▶ [Task brief] Transcribe the entries exactly as given and skip whatever images they hold.

*** Dataset content ***

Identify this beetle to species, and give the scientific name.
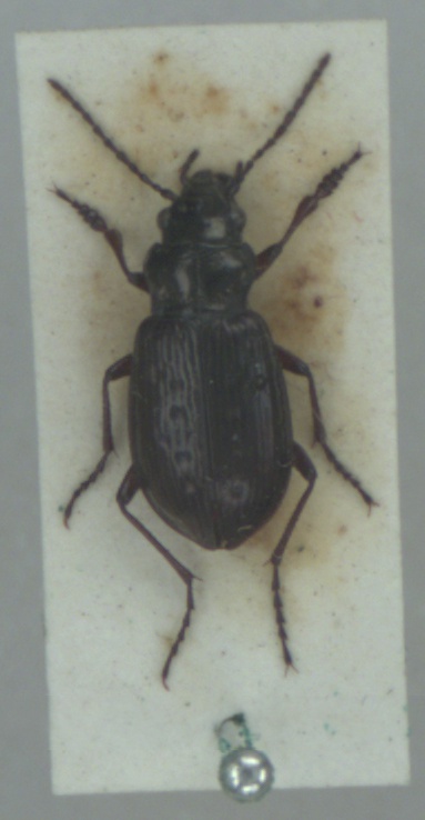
Pelophila borealis
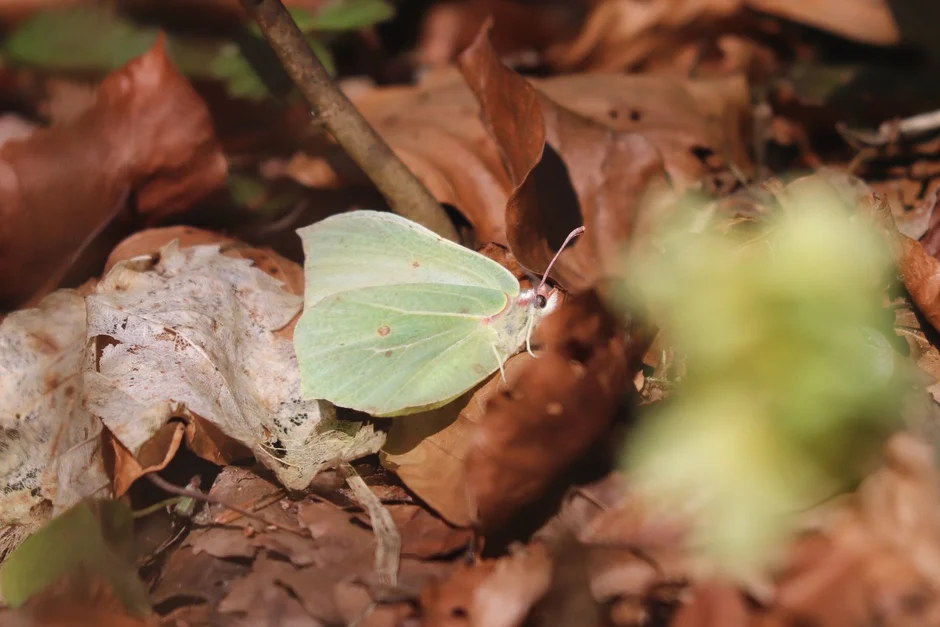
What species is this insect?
Gonepteryx rhamni
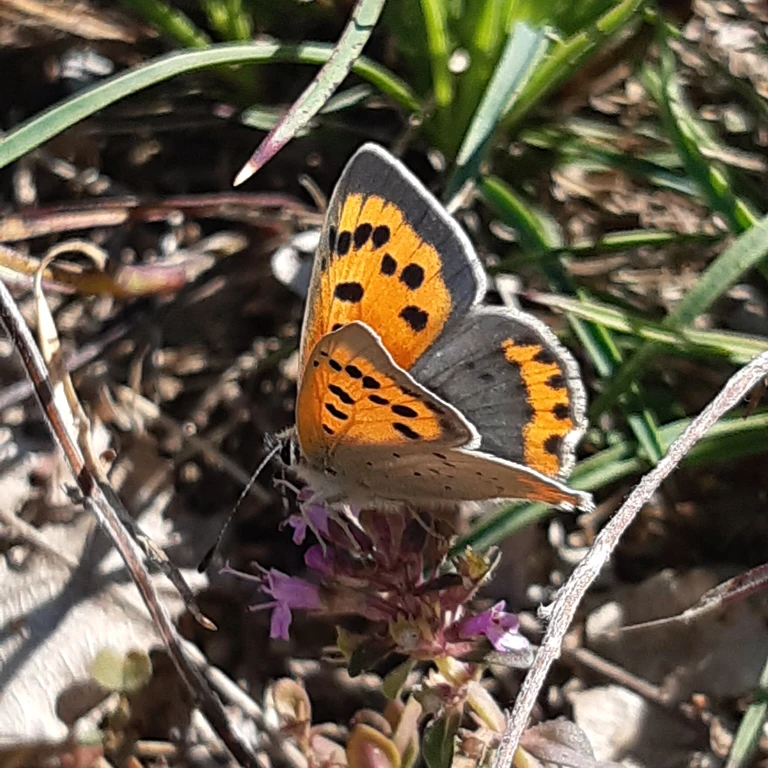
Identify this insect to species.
Lycaena phlaeas
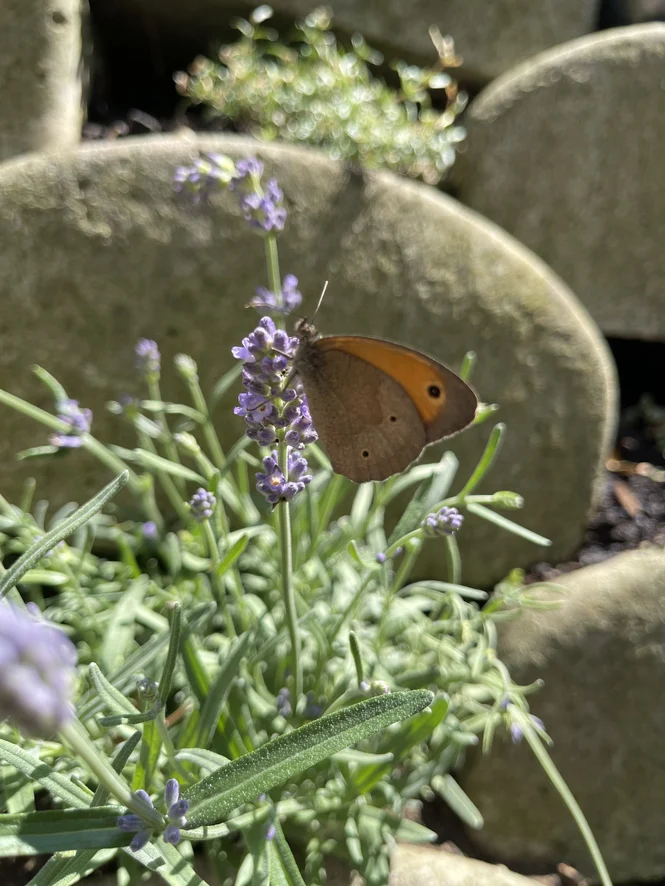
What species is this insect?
Maniola jurtina
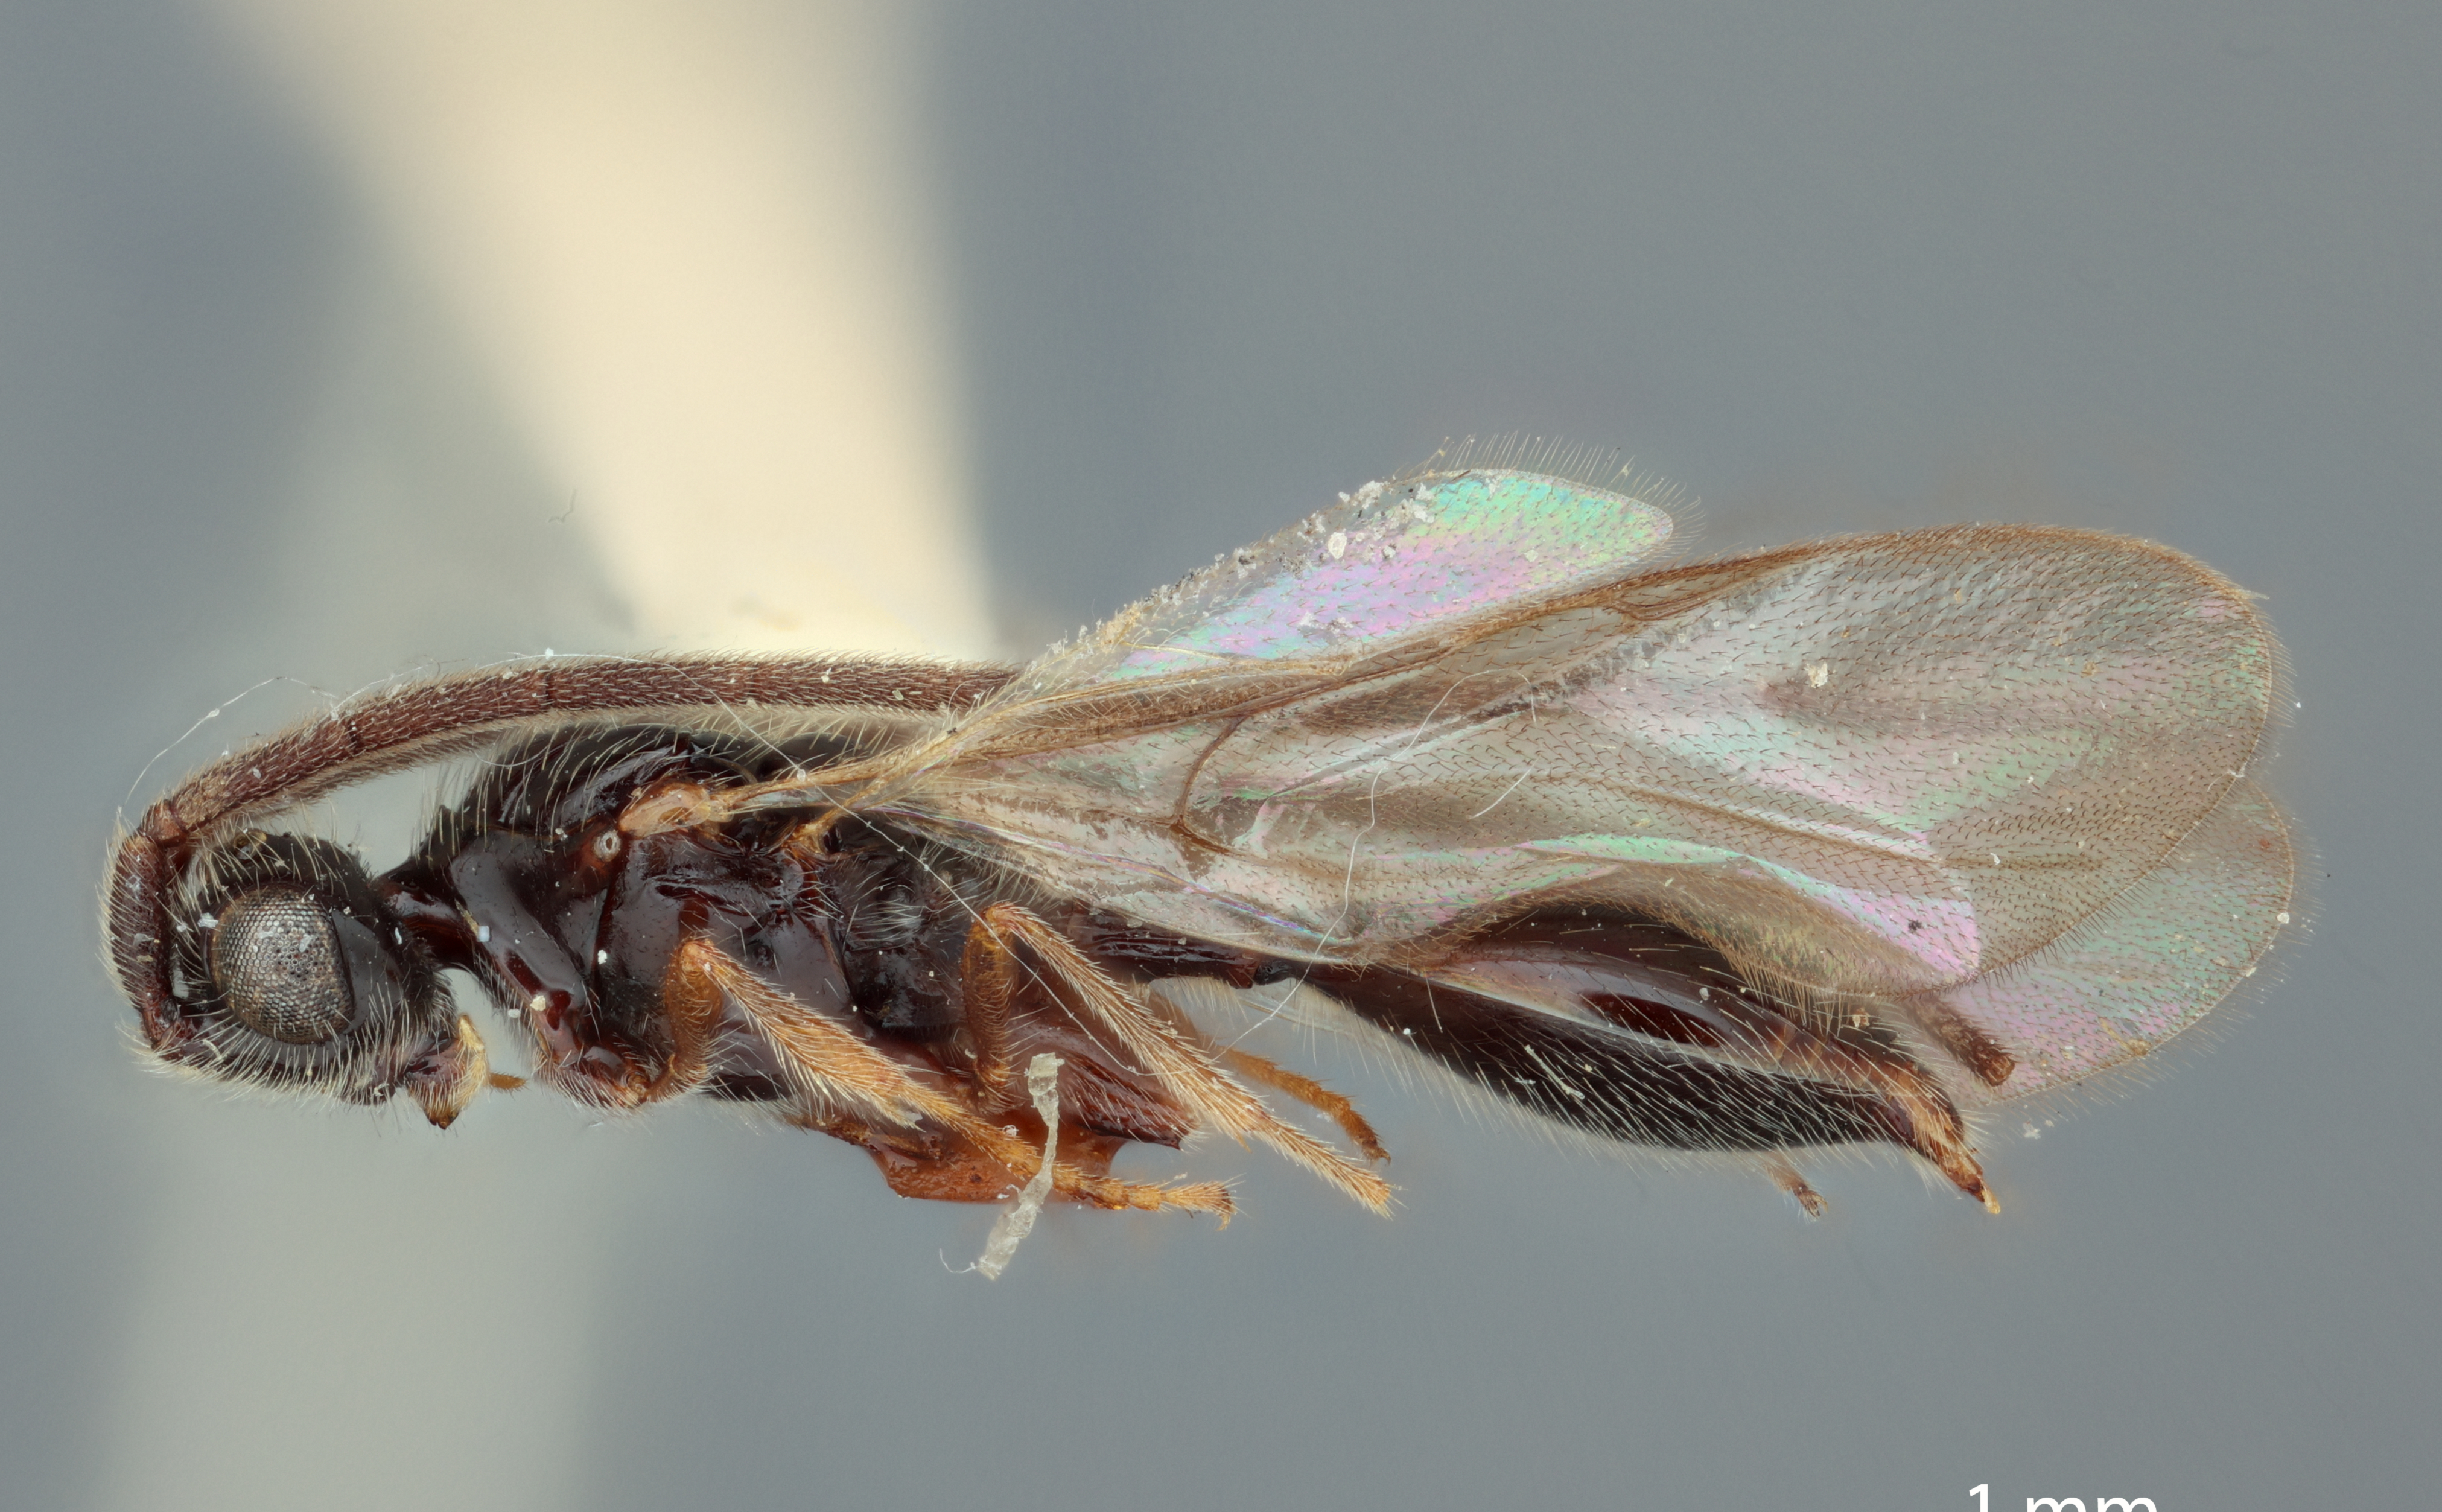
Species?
Belyta minoanaeusis
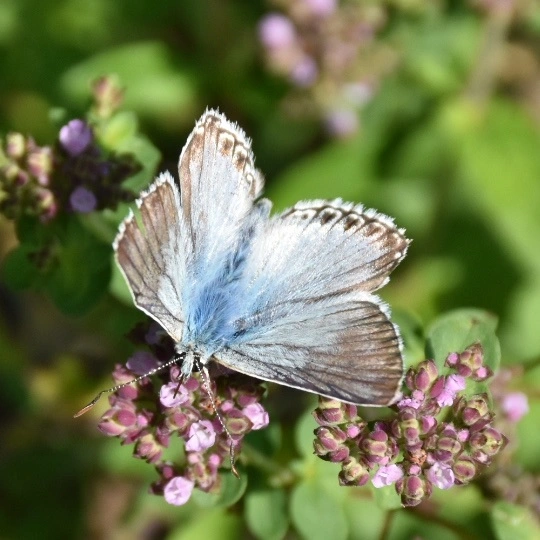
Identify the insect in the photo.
Lysandra coridon
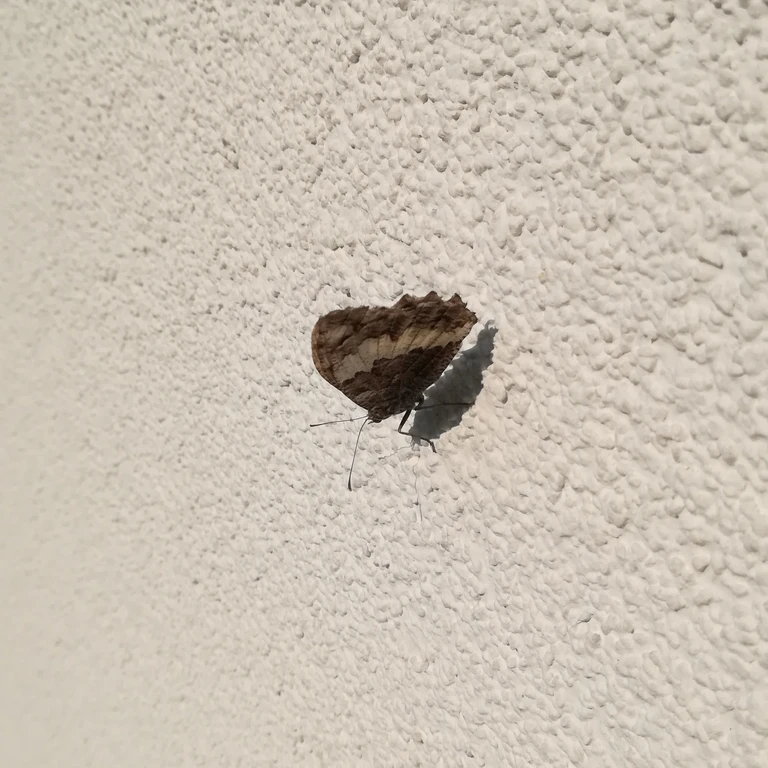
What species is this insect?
Brintesia circe
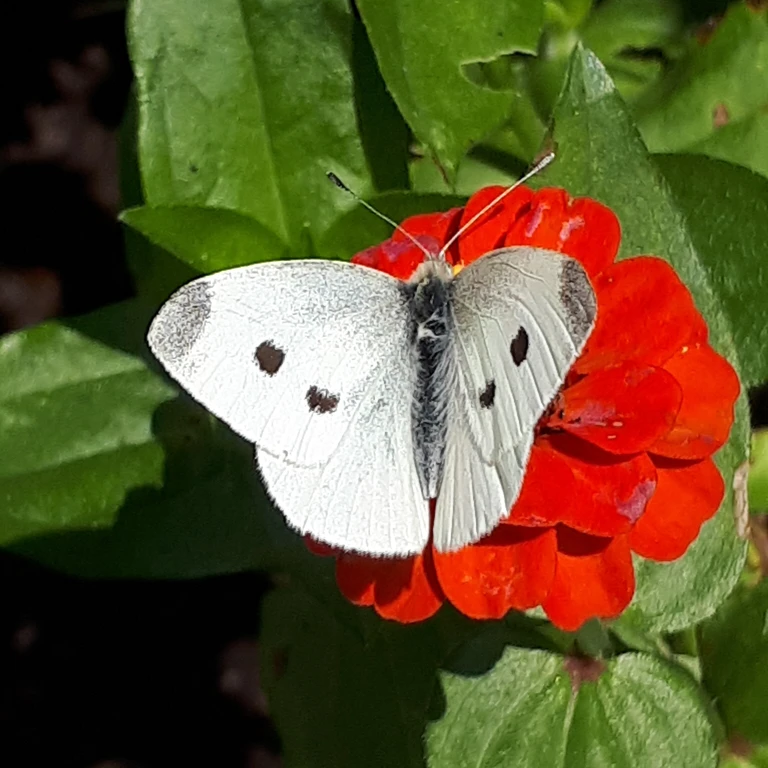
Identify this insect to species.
Pieris rapae

*** End of Dataset content ***

▶ [Task result]
Identify this beetle to species, and give the scientific name.
Pelophila borealis
What species is this insect?
Gonepteryx rhamni
Identify this insect to species.
Lycaena phlaeas
What species is this insect?
Maniola jurtina
Species?
Belyta minoanaeusis
Identify the insect in the photo.
Lysandra coridon
What species is this insect?
Brintesia circe
Identify this insect to species.
Pieris rapae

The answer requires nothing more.